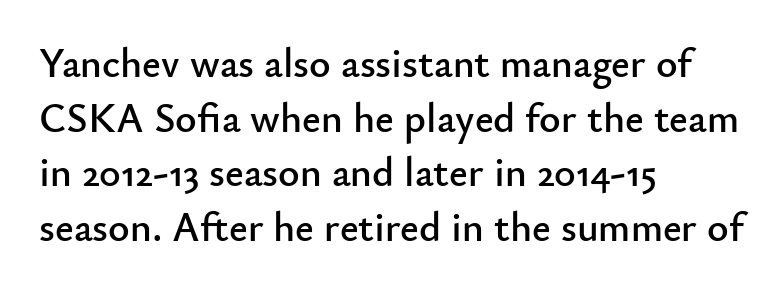
{"serif": "no", "italic": "no", "width": "normal", "stroke_contrast": "low", "x_height": "small", "monospaced": "no", "underline": "no", "align": "left", "line_spacing": "normal", "line_spacing_ratio": 1.33, "letter_spacing": "normal", "letter_spacing_em": 0.0, "glyph_px": 41}
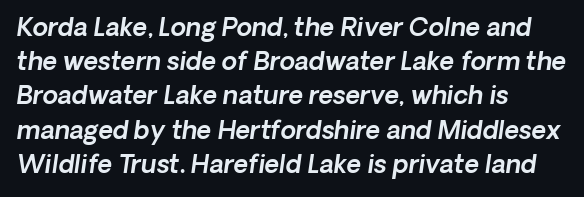
The image shows 25 px text type; set left-aligned, normal line spacing (1.37x), normal letter spacing, not underlined.
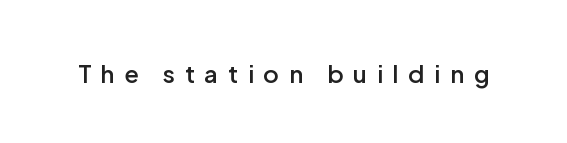
The image shows 24 px text type, upright; set unusually wide letter spacing (+0.41 em), not underlined.
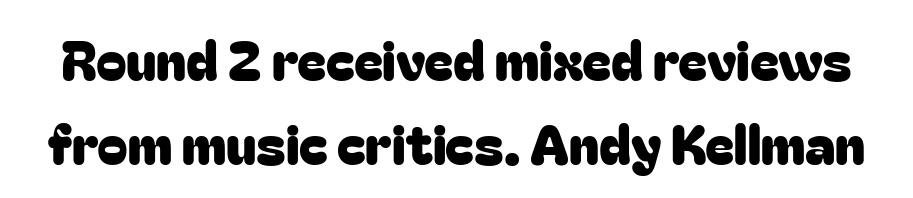
Q: Is the text italic (slanted)? A: No, it is upright.
Q: Is the typeface a serif or a sans-serif typeface? A: Sans-serif.
Q: Is the text underlined? A: No.
Q: Is the spacing between letters normal or unusually wide? A: Normal.
Q: Is the spacing between lines tight, normal or loose? A: Normal.
Q: Width (condensed, normal, or wide)? A: Normal.
Q: Stroke contrast? A: Low.
Q: x-height? A: Medium.
Q: Monospaced? A: No.
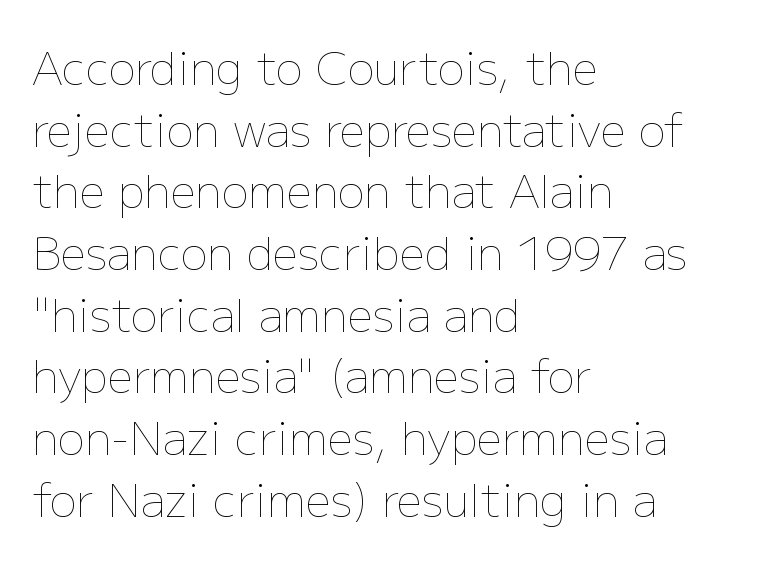
{"italic": "no", "bold": "no", "weight": "thin", "width": "normal", "stroke_contrast": "low", "x_height": "medium", "monospaced": "no", "underline": "no", "align": "left", "line_spacing": "normal", "line_spacing_ratio": 1.37, "letter_spacing": "normal", "letter_spacing_em": 0.0, "glyph_px": 45}
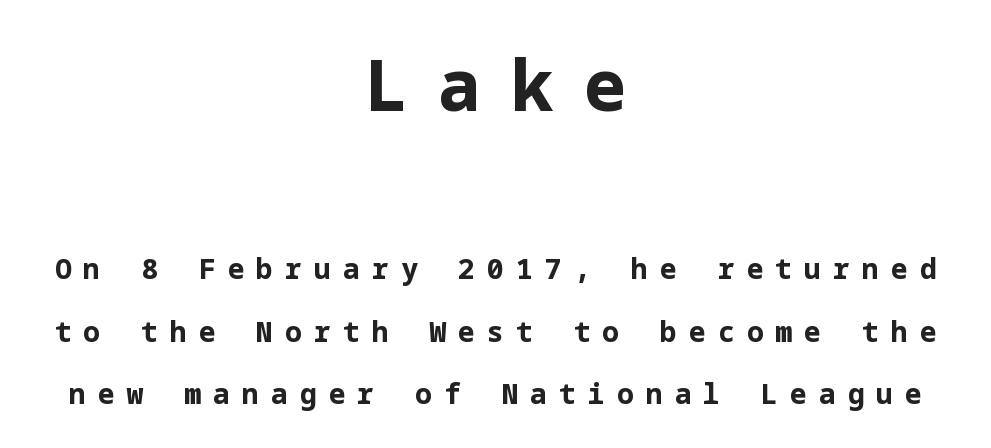
Q: Is the text bold? A: Yes.
Q: Is the text italic (slanted)? A: No, it is upright.
Q: Is the typeface a serif or a sans-serif typeface? A: Sans-serif.
Q: Is the text underlined? A: No.
Q: How is the paragraph aligned? A: Centered.
Q: Is the spacing between letters normal or unusually wide? A: Unusually wide.
Q: Is the spacing between lines tight, normal or loose? A: Loose.
Q: Which block of text is set in a larger size, the first (top) or the second (bottom)? A: The first (top) one.
Q: Width (condensed, normal, or wide)? A: Normal.
Q: Stroke contrast? A: Low.
Q: x-height? A: Medium.

───

▸ **REQUIREMENT**
Every line of the entries above that includes "tight" should be copied.

▸ **SOLUTION**
Q: Is the spacing between lines tight, normal or loose? A: Normal.
Q: Is the spacing between lines tight, normal or loose? A: Loose.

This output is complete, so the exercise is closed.